Spinal Stenosis+Spondylolisthesis+Scoliosis- suddenly are problems
Suddenly these have all stopped my manageable, fulfilling life. All became a problem when I moved from East Coast to Mid-West 2 years ago. Strange timing. Have been athletic all my life, very healthy, a few surgeries (TKRs etc.) - but always good recovery and positive attitude. Now I am at the abyss.
I am (please don't let this prejudice you) 84. But I do not feel like it or look it or act like it. I decided TOPS Spinal would be a good fit for me. After wasting 8 months, 2 MRIs, Xrays, long-distance trips to NY City counting on TOPS, I have been rejected. Due to Bone Strength and AGE. I have a lot of comments on how this was handled, but am trying to redirect myself and just try to address one issue at a time. TOPS is designed for Stenosis and Spondylolisthesis so sounded good for me. But I also have Scoliosis. (This became a sudden problem.) This has all come to the fore front in the past 2 years. My usual life is gone. But I have been doing gym exercises 3 or 4 days a week and about to start P.T. I think I am seeing a little light because the stronger back and leg muscles are helping (slowly) to help support my walking. I still lean to the right and my back tires rapidly FROM HEAVY DOWNWARD PRESSURE when walking. As long as I can sit at frequent intervals, I can manage. I finally broke down and purchased a Walker. I am embarrassed, but I believe this will be a BIG HELP to get through certain parts of the day. The Dr. who rejected me barely offered any ideas or discussion which direction I can go in now. I needed his guidance, but received almost none. He ordered 2 MRIs and Xrays. But he kept me waiting for 7 months. I do understand TOPS is new spinal surgery, but I believe he could have figured out my rejection sooner. Now I am restarting. Is it possible to address Scoliosis first? Then address Stenosis and Spondy? Scoliosis gives me the most misery and it should be addressed. I believe I should seek out a large medical organization which has many resources - so I do not want to stay local. have been to Lenox Hill Hospital in NY, Cleveland Clinic, and a local Dr. in PA where I now live. Of course, first choice was always Mayo Clinic, but the distance was a problem.

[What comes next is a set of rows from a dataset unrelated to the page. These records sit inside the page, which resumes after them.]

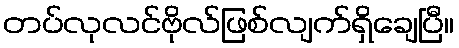
တပ်လုလင်ဗိုလ်ဖြစ်လျက်ရှိချေပြီ။
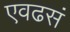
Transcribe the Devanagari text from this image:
एवढसं
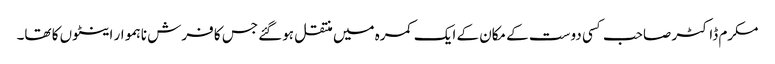
مکرم ڈاکٹر صاحب کسی دوست کے مکان کے ایک کمرہ میں منتقل ہوگئے جس کا فرش ناہموار اینٹوں کا تھا۔
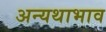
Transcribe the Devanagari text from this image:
अन्यथाभाव
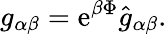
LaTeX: g_{\alpha\beta}=\mathrm{e}^{\beta\Phi}\hat{{g}}_{\alpha\beta}.
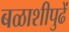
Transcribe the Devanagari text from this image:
बळाशीपुढें
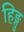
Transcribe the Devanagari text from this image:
हिङ्गु
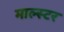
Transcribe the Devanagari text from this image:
माल्स्टर
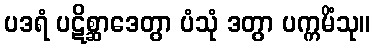
ပဒရံ ပဋိစ္ဆာဒေတွာ ပံသုံ ဒတွာ ပက္ကမိံသု။
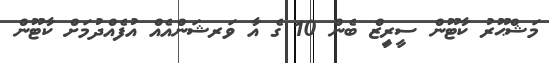
މަޝްޙޫރު ކާޓޫން ސީރިީޒް ބެން 10 ގެ އާ ވަރޝަންއެއް އުފެއްދުމަށް ކާޓޫން
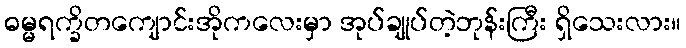
ဓမ္မရက္ခိတကျောင်းအိုကလေးမှာ အုပ်ချုပ်တဲ့ဘုန်းကြီး ရှိသေးလား။
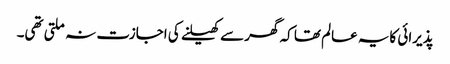
پذیرائی کایہ عالم تھا کہ گھر سے کھیلنے کی اجازت نہ ملتی تھی۔
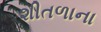
શીતળાના
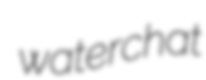
waterchat
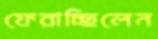
ফেরাচ্ছিলেন
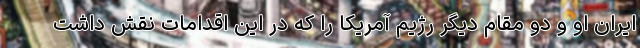
ایران او و دو مقام دیگر رژیم آمریکا را که در این اقدامات نقش داشت
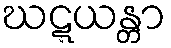
ဃဋ္ဋယန္တာ
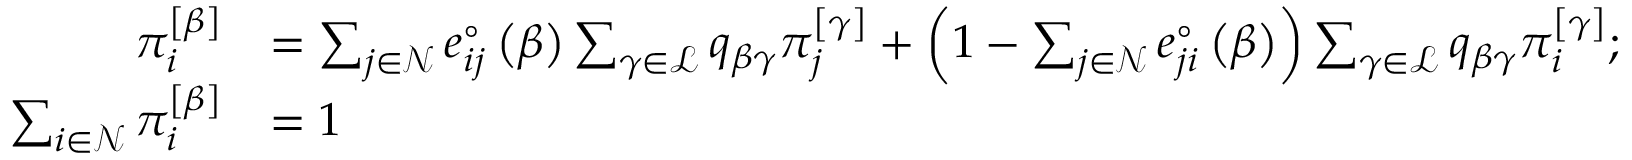
\begin{array} { r l } { \pi _ { i } ^ { \left[ \beta \right] } } & { = \sum _ { j \in \mathcal { N } } e _ { i j } ^ { \circ } \left( \beta \right) \sum _ { \gamma \in \mathcal { L } } q _ { \beta \gamma } \pi _ { j } ^ { \left[ \gamma \right] } + \left( 1 - \sum _ { j \in \mathcal { N } } e _ { j i } ^ { \circ } \left( \beta \right) \right) \sum _ { \gamma \in \mathcal { L } } q _ { \beta \gamma } \pi _ { i } ^ { \left[ \gamma \right] } ; } \\ { \sum _ { i \in \mathcal { N } } \pi _ { i } ^ { \left[ \beta \right] } } & { = 1 } \end{array}
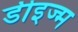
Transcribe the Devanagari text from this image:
डीइज्म
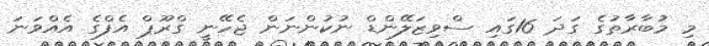
މި މުބާރާތުގެ ގަދަ 16ގައި ސްވިޒަލޭންޑް ނުކުންނަން ޖެހޭނީ ގްރޫޕް އެފްގެ އެއްވަނަ
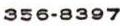
356-8397
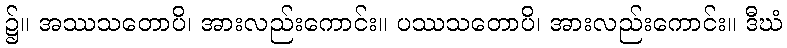
၌။ အဿသတောပိ၊ အားလည်းကောင်း။ ပဿသတောပိ၊ အားလည်းကောင်း။ ဒီဃံ
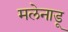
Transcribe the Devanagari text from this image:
मलेनाडू
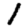
Digit: 1
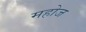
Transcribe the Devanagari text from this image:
महोज

I ask myself, what would I do if I had a problem over time? I could not easily run to Mayo. Cleveland is more accessible and so is New York. Question: I have read Mayo has a limited presence in Pittsburgh, where I now live - but it seems to be all Pediatric. Could I possibly go there as an adult? I HAVE TO GET THIS SHOW ON THE ROAD - I HAVE LOST 2 YEARS ALREADY AND STILL HAVE NO DEFINITE DIRECTION. I am losing confidence in many ways.
Would anyone like to see my 2 MRIs and Xrays and medical reports?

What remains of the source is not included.